00:39 Uhr – USA setzen auf neues Anti-Drohnen-System

Die USA wollen ein amerikanisches Anti-Drohnen-System im Nahen Osten einsetzen, das sich in der Ukraine bei der Abwehr russischer Drohnen als wirksam erwiesen hat. Das als Merops bekannte System solle bald in die Region gebracht werden, um die Verteidigung gegen iranische Drohnen zu stärken, teilten zwei US-Vertreter der Nachrichtenagentur AP am Freitag mit.

Bisher setzen die USA die Luftabwehrsysteme Patriot und THAAD ein, deren Munition jedoch um ein vielfaches teurer ist als iranische Drohnen. Das Waffensystem Merops setzt Abfangdrohnen gegen feindliche Drohnen ein. Es ist klein und kompakt genug, um im hinteren Teil eines mittelgroßen Pickup-Trucks Platz zu finden. Die Nato-Staaten Polen und Rumänien nutzten das System im vergangenen Jahr, nachdem russische Angriffsdrohnen wiederholt in den Nato-Luftraum eingedrungen waren.

Freitag, 6. März

22:22 Uhr – Baku wirft Teheran geplante Terroranschläge vor

Der Geheimdienst der Südkaukasusrepublik Aserbaidschan hat nach eigenen Angaben mehrere iranische Terroranschläge verhindert. Zur Destabilisierung der Lage seien Angriffe auf die Ölpipeline Baku – Tiflis – Ceyhan, die Botschaft Israels in Aserbaidschan, eine Synagoge und einen hohen jüdischen Geistlichen im Land vorbereitet worden, berichtete die staatliche Nachrichtenagentur Azertag unter Berufung auf eine Mitteilung des Geheimdienstes.

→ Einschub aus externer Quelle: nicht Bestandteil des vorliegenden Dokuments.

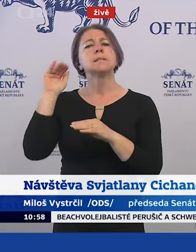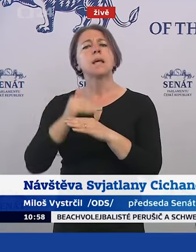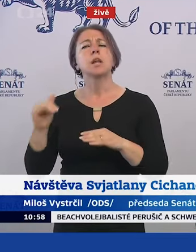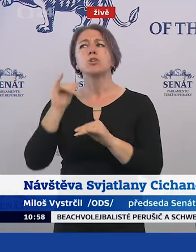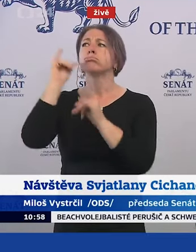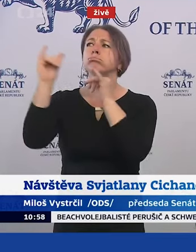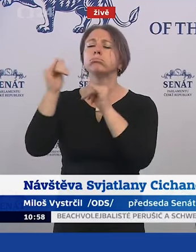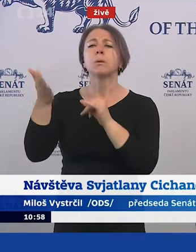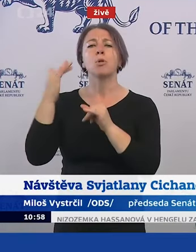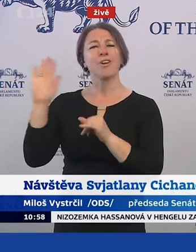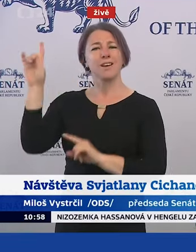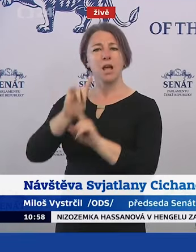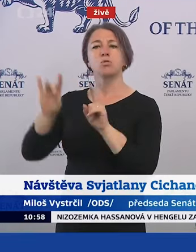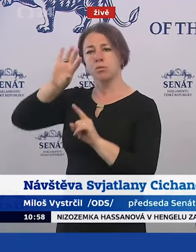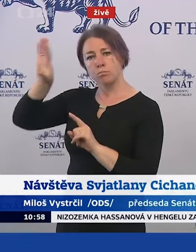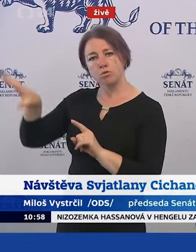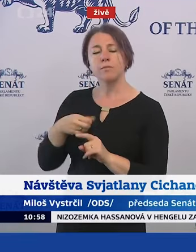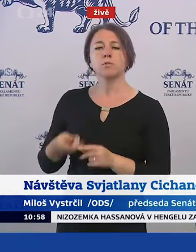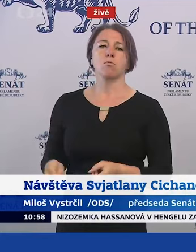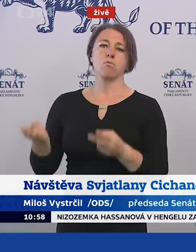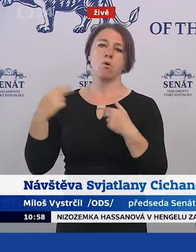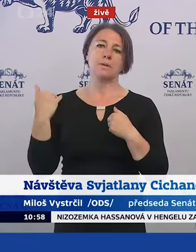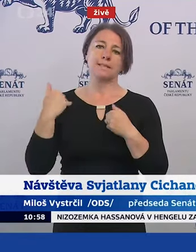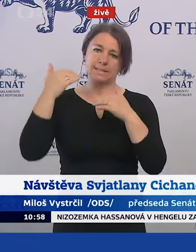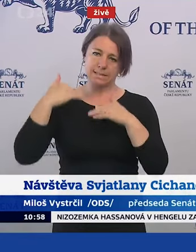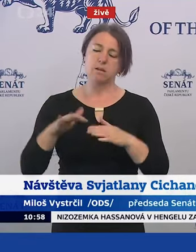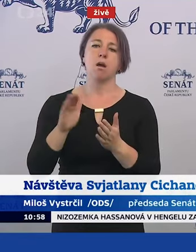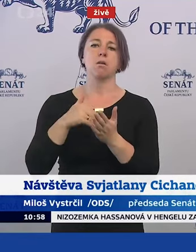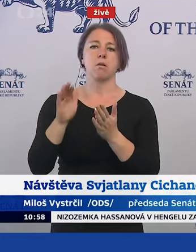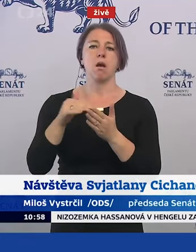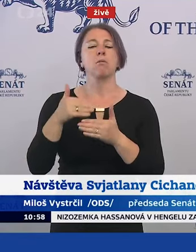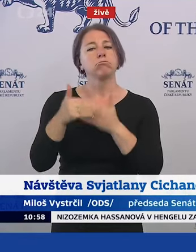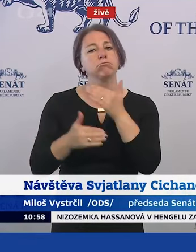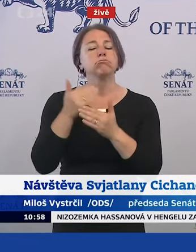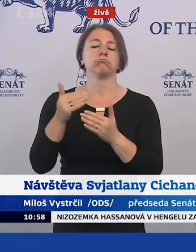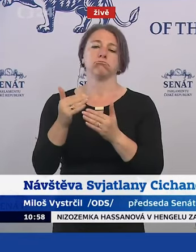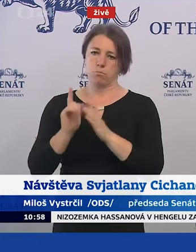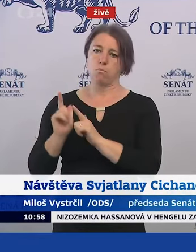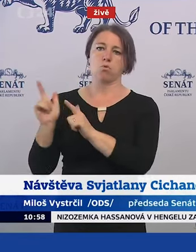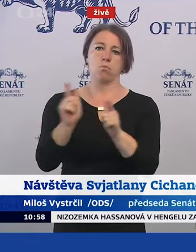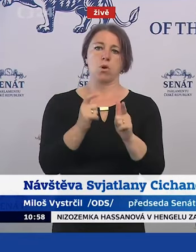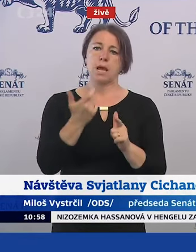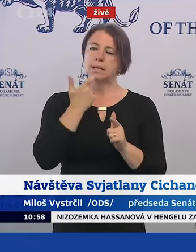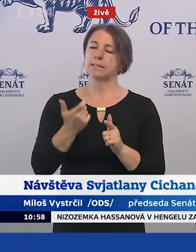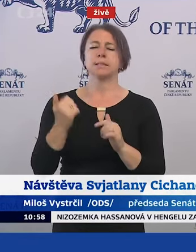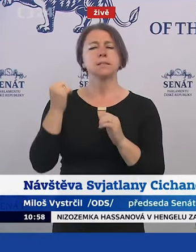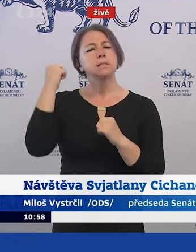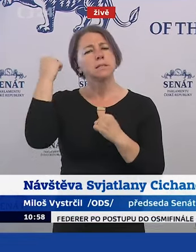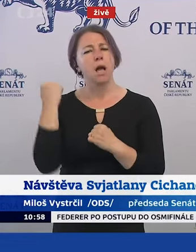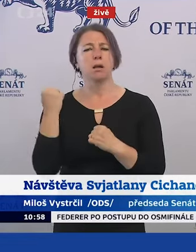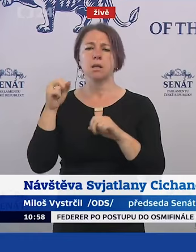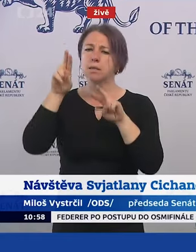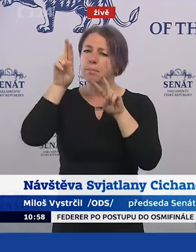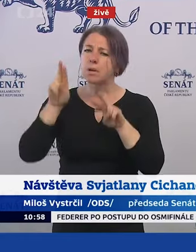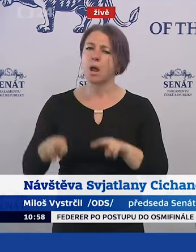To znamená, je to podpora Českého Senátu základním právou

Demnach schmuggelten iranische Staatsbürger mehrere Sprengsätze ins Land, darunter auch einen Container mit knapp acht Kilogramm des Militärsprengstoffs C4. Baku macht dafür die iranischen Revolutionsgarden verantwortlich.

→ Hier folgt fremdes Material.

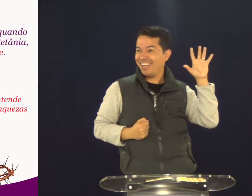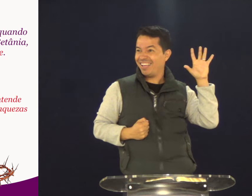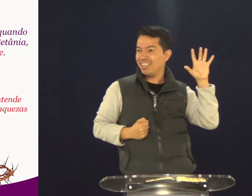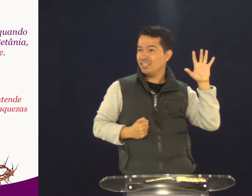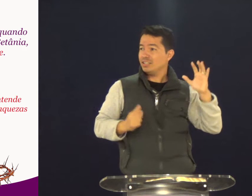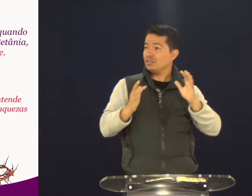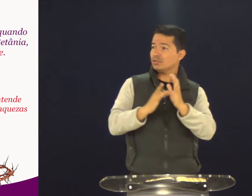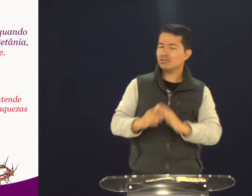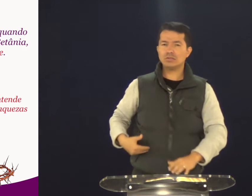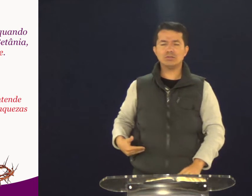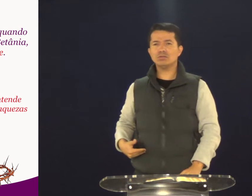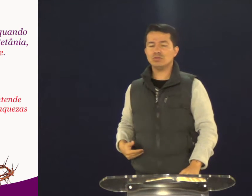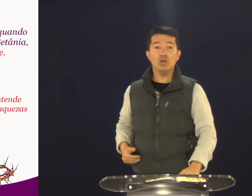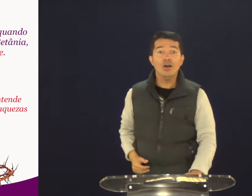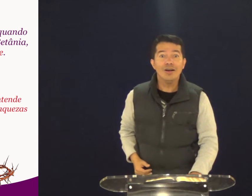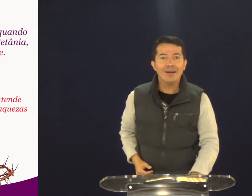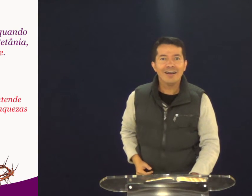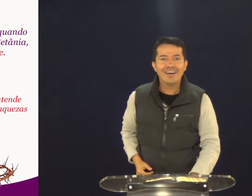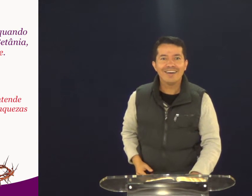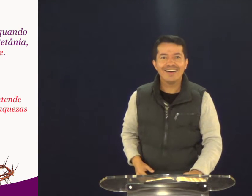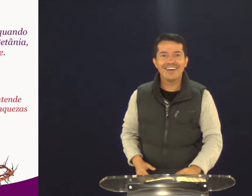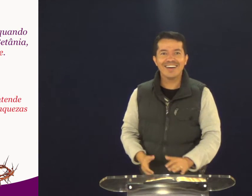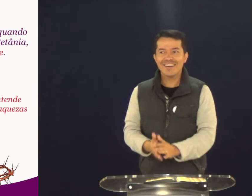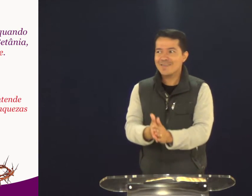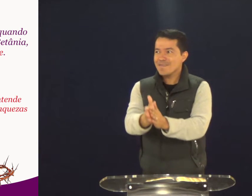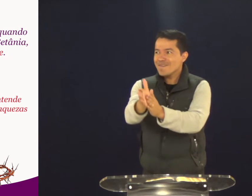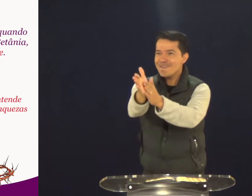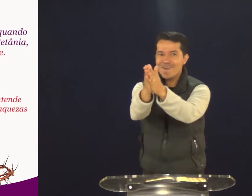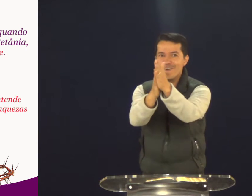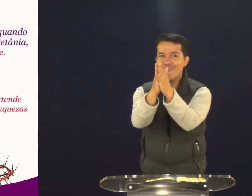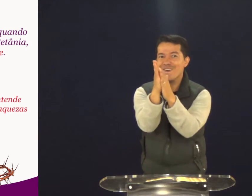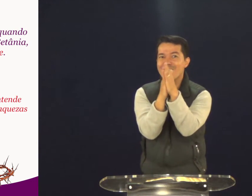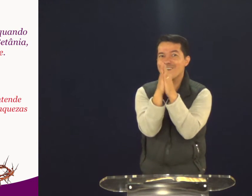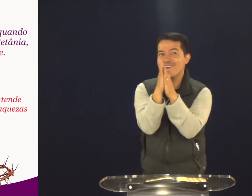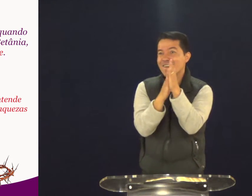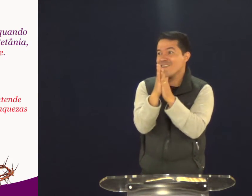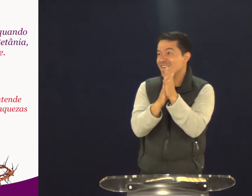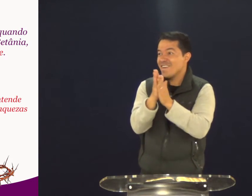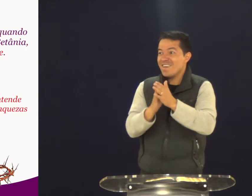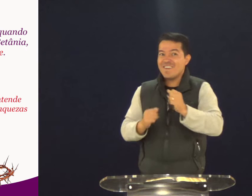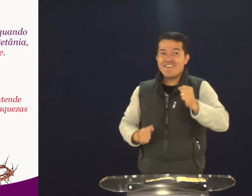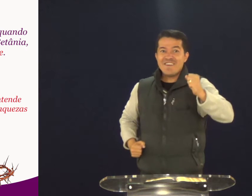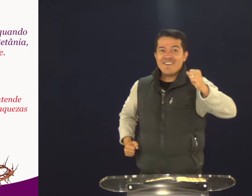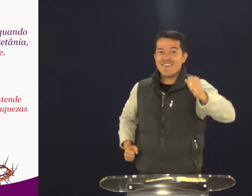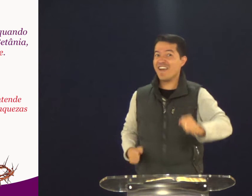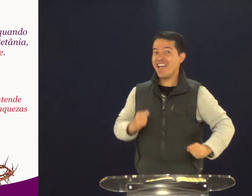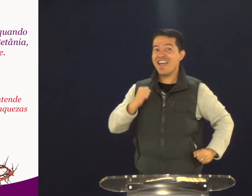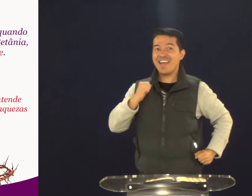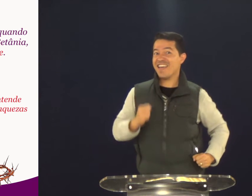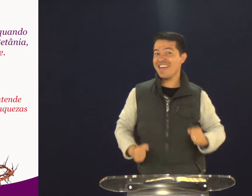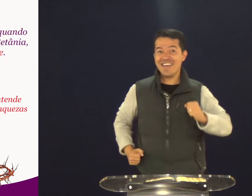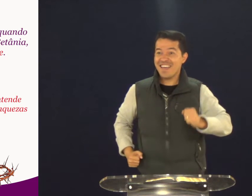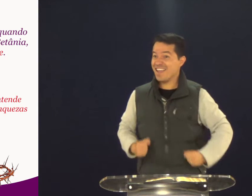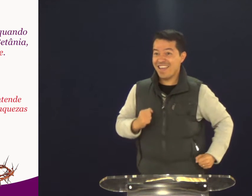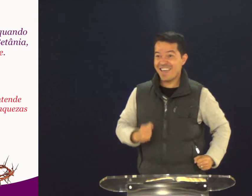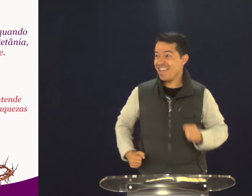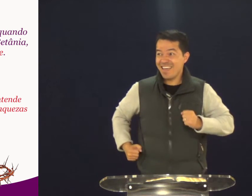Estava linda. E Jesus, então, sentindo fome, olha de longe aquela árvore. E realmente se

20:42 Uhr – Krieg soll laut Weißem Haus vier bis sechs Wochen dauern

Im Konflikt mit dem Iran geht das Weiße Haus von einer Kriegsdauer von vier bis sechs Wochen aus. Das sagte die Sprecherin der US-Regierung, Karoline Leavitt, in Washington vor Journalisten. „Und wir sind auf dem besten Weg, diese Ziele zu erreichen.“ In dem seit Samstag laufenden Krieg mit dem Iran änderte die US-Regierung damit zum wiederholten Mal ihre Einschätzung zur Kriegsdauer. Donald Trump hatte am Donnerstag noch erklärt, er habe kein Zeitlimit, nachdem er selbst zuerst von vier bis fünf Wochen gesprochen hatte.

Zu den zentralen Kriegszielen der USA gehören nach früheren Angaben die Zerstörung der iranischen Marine sowie ein Ende der Bedrohung durch Raketen und Atomwaffen. US-Präsident Donald Trump hatte Sonntag gesagt, er gehe von einem etwa vierwöchigen Krieg aus. Der Iran sei ein großes Land. „Es wird vier Wochen dauern – oder weniger.“ Später passte der Präsident seine Einschätzung auf vier bis fünf Wochen an.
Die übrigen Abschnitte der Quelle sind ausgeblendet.